** ACTIVITY **
Give back every record exactly, with its pictures left out.

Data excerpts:
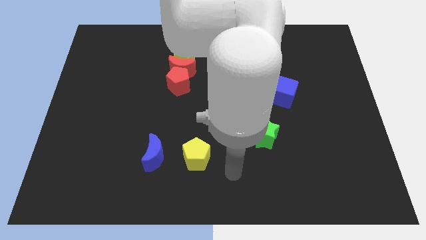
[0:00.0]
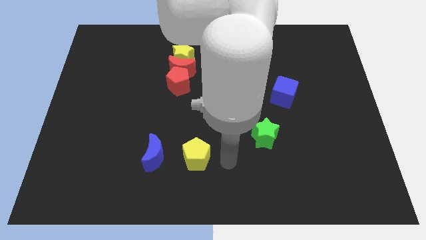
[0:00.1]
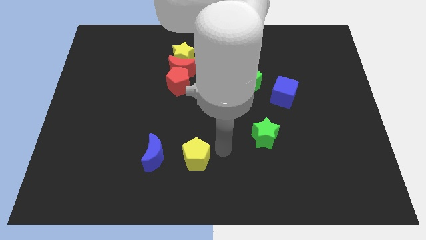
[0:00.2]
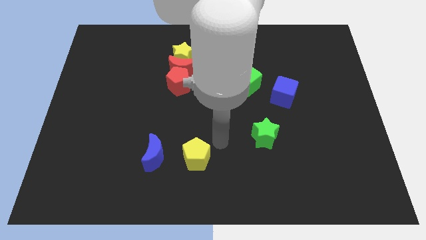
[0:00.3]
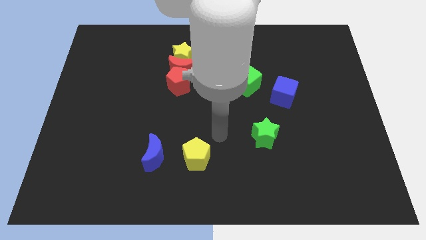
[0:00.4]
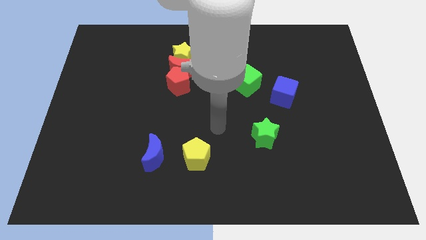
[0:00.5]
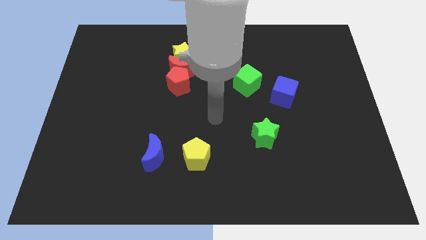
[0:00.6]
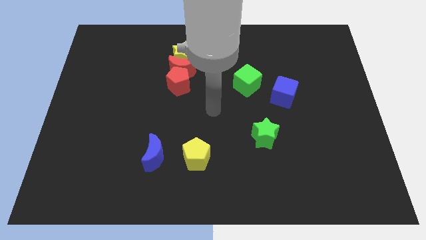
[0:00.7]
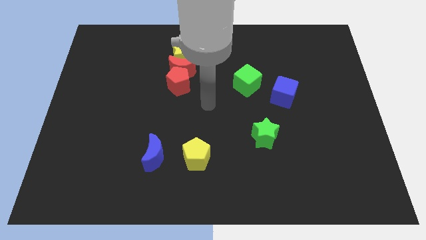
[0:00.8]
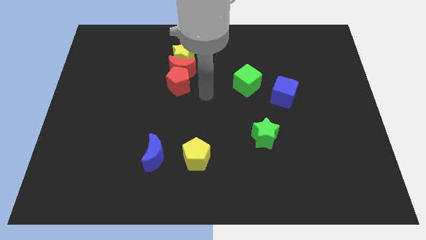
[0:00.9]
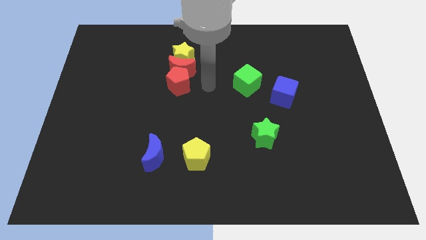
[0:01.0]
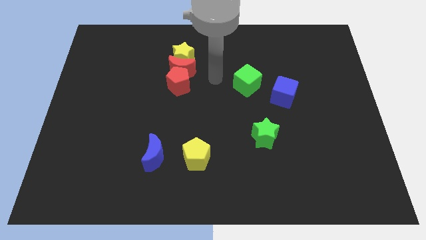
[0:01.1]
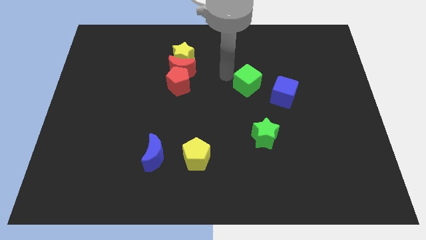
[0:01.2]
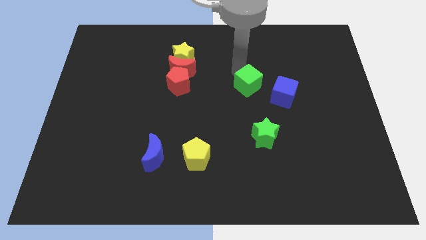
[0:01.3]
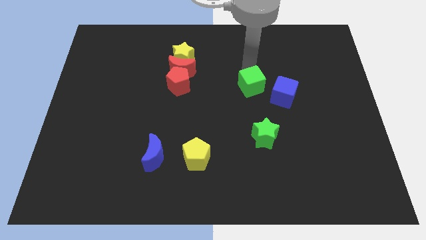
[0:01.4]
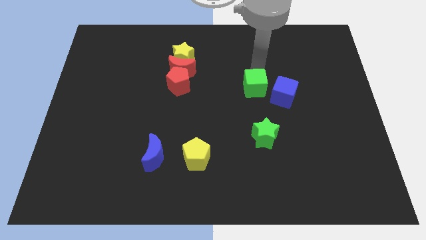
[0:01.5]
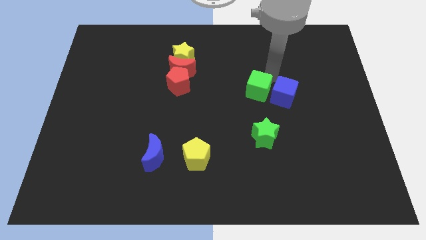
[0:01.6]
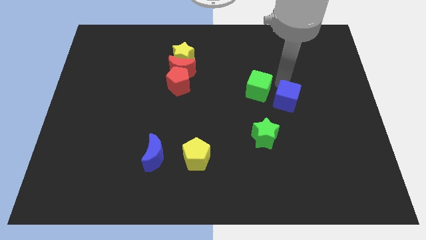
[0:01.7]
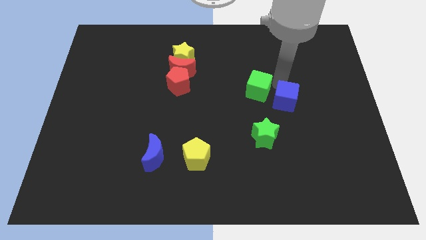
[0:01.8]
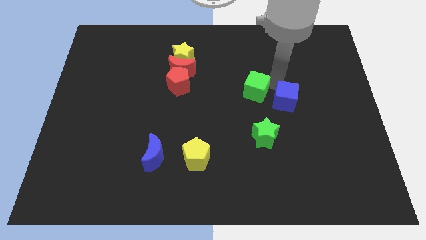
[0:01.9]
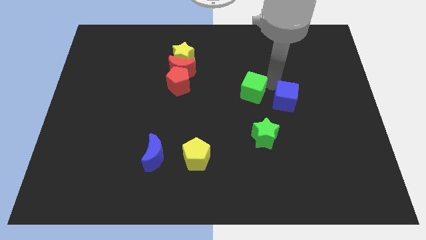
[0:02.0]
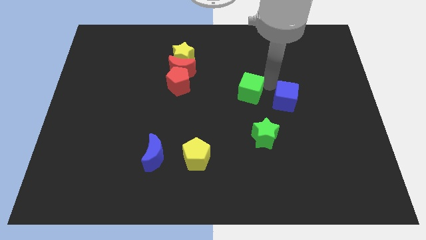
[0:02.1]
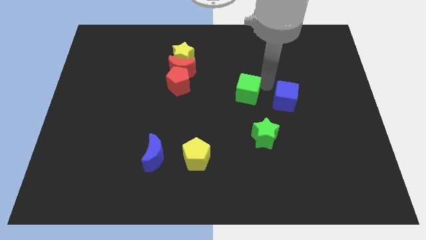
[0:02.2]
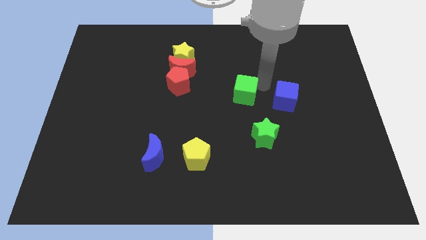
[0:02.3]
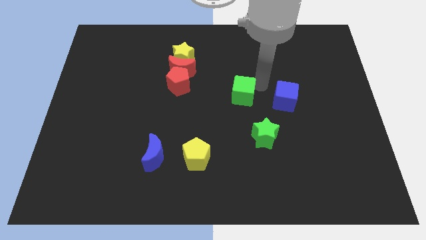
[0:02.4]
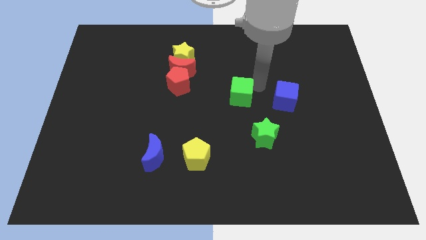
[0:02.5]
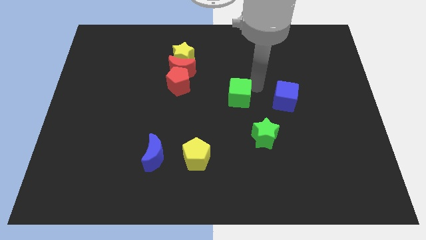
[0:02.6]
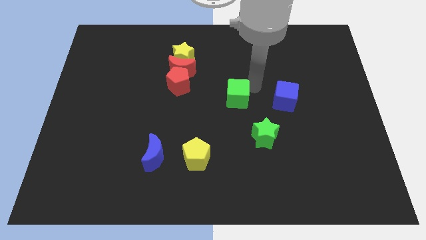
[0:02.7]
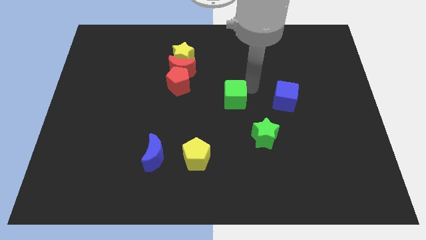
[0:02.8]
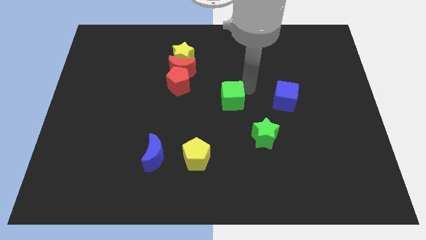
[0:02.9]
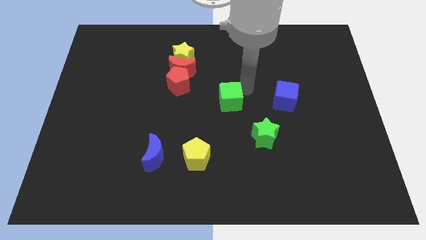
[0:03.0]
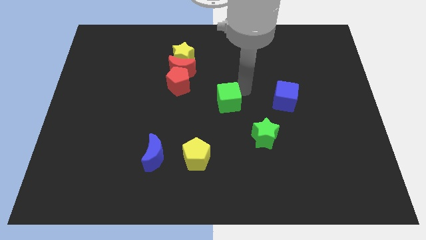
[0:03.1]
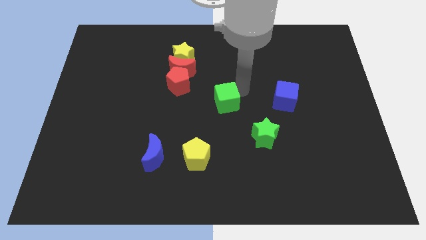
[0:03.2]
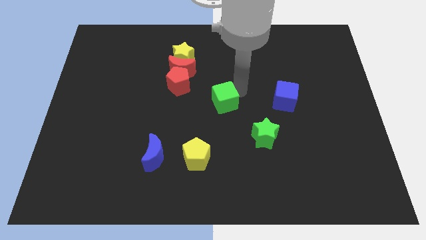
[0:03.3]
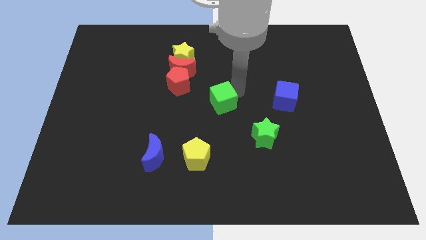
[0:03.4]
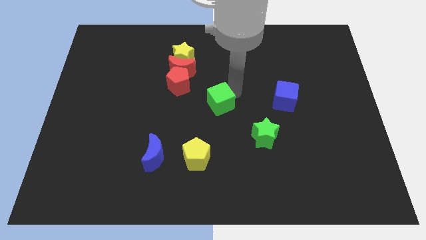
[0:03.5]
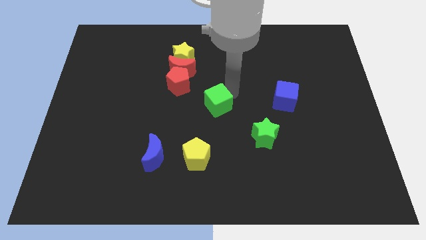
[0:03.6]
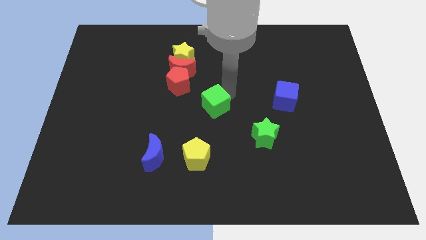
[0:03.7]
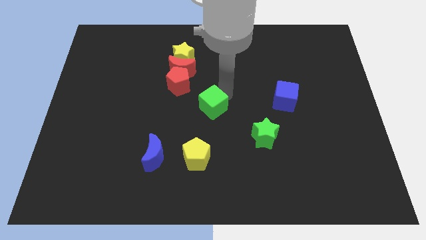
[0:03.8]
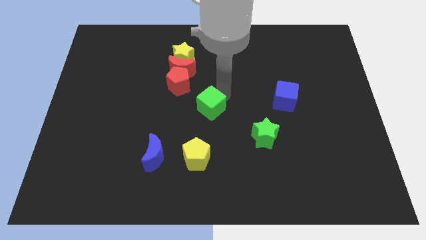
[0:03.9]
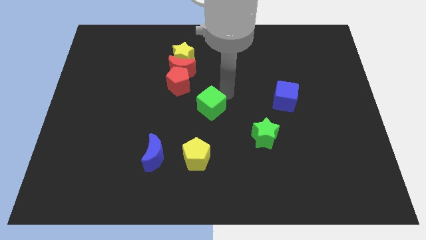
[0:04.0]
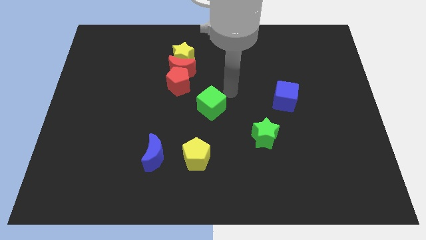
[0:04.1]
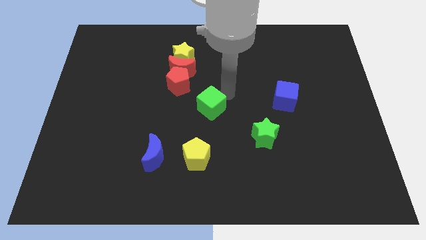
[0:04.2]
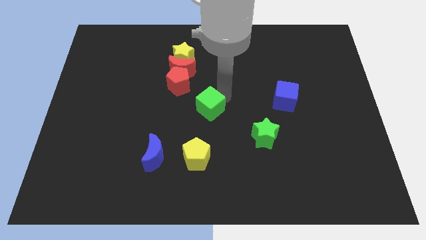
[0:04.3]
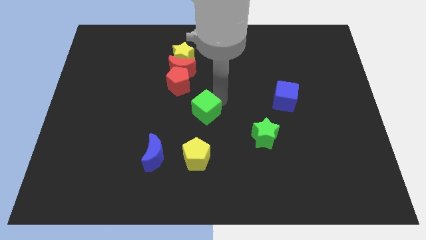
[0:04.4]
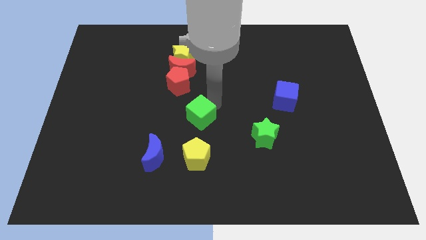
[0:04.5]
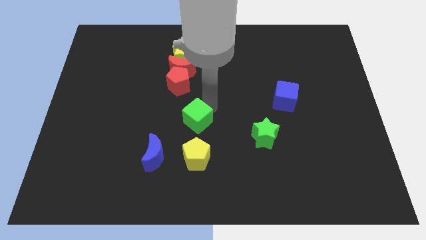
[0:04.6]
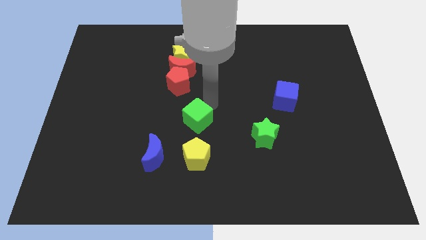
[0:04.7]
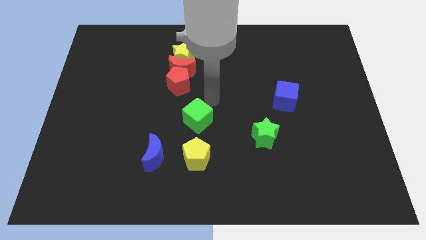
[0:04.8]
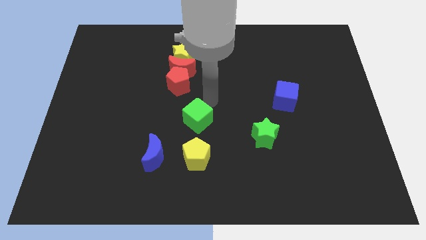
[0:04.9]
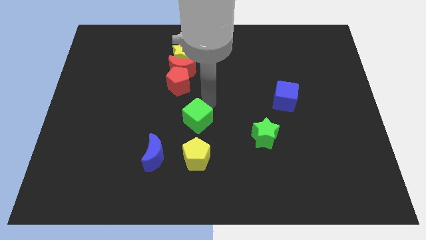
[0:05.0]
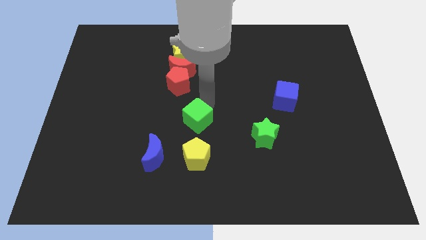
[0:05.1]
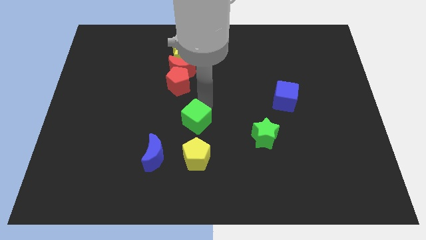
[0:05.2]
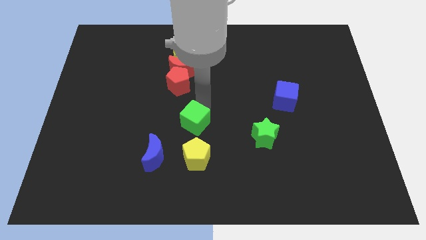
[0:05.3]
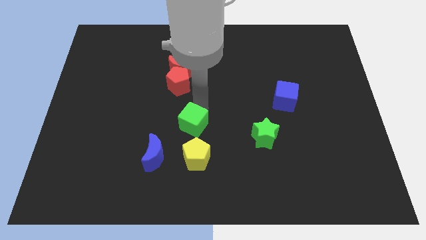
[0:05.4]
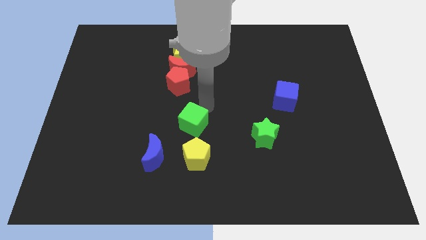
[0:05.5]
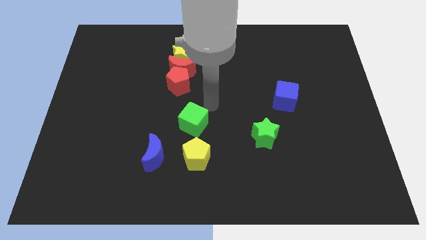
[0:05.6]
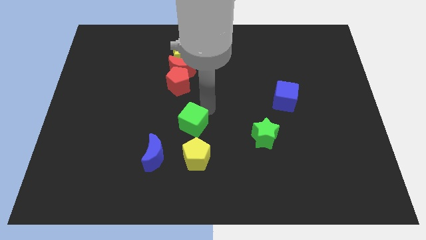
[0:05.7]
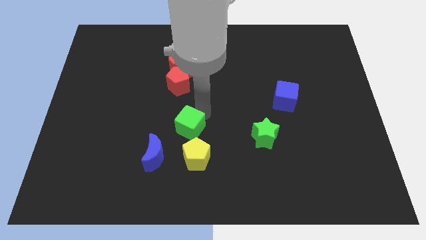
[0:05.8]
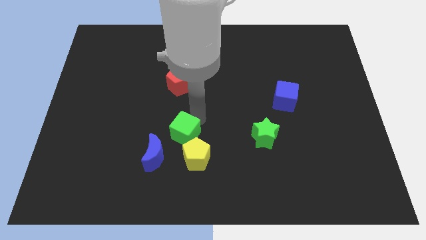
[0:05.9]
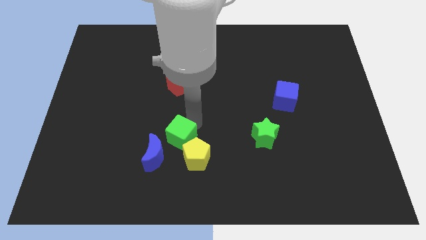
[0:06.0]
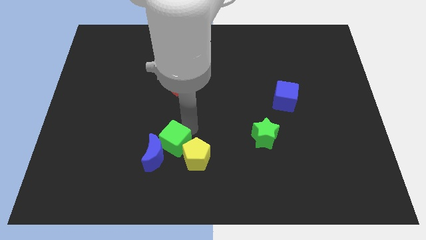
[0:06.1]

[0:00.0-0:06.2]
move the green cube close to the blue moon

** PROBLEM SOLUTION **
[0:00.0]
[0:00.1]
[0:00.2]
[0:00.3]
[0:00.4]
[0:00.5]
[0:00.6]
[0:00.7]
[0:00.8]
[0:00.9]
[0:01.0]
[0:01.1]
[0:01.2]
[0:01.3]
[0:01.4]
[0:01.5]
[0:01.6]
[0:01.7]
[0:01.8]
[0:01.9]
[0:02.0]
[0:02.1]
[0:02.2]
[0:02.3]
[0:02.4]
[0:02.5]
[0:02.6]
[0:02.7]
[0:02.8]
[0:02.9]
[0:03.0]
[0:03.1]
[0:03.2]
[0:03.3]
[0:03.4]
[0:03.5]
[0:03.6]
[0:03.7]
[0:03.8]
[0:03.9]
[0:04.0]
[0:04.1]
[0:04.2]
[0:04.3]
[0:04.4]
[0:04.5]
[0:04.6]
[0:04.7]
[0:04.8]
[0:04.9]
[0:05.0]
[0:05.1]
[0:05.2]
[0:05.3]
[0:05.4]
[0:05.5]
[0:05.6]
[0:05.7]
[0:05.8]
[0:05.9]
[0:06.0]
[0:06.1]

[0:00.0-0:06.2]
move the green cube close to the blue moon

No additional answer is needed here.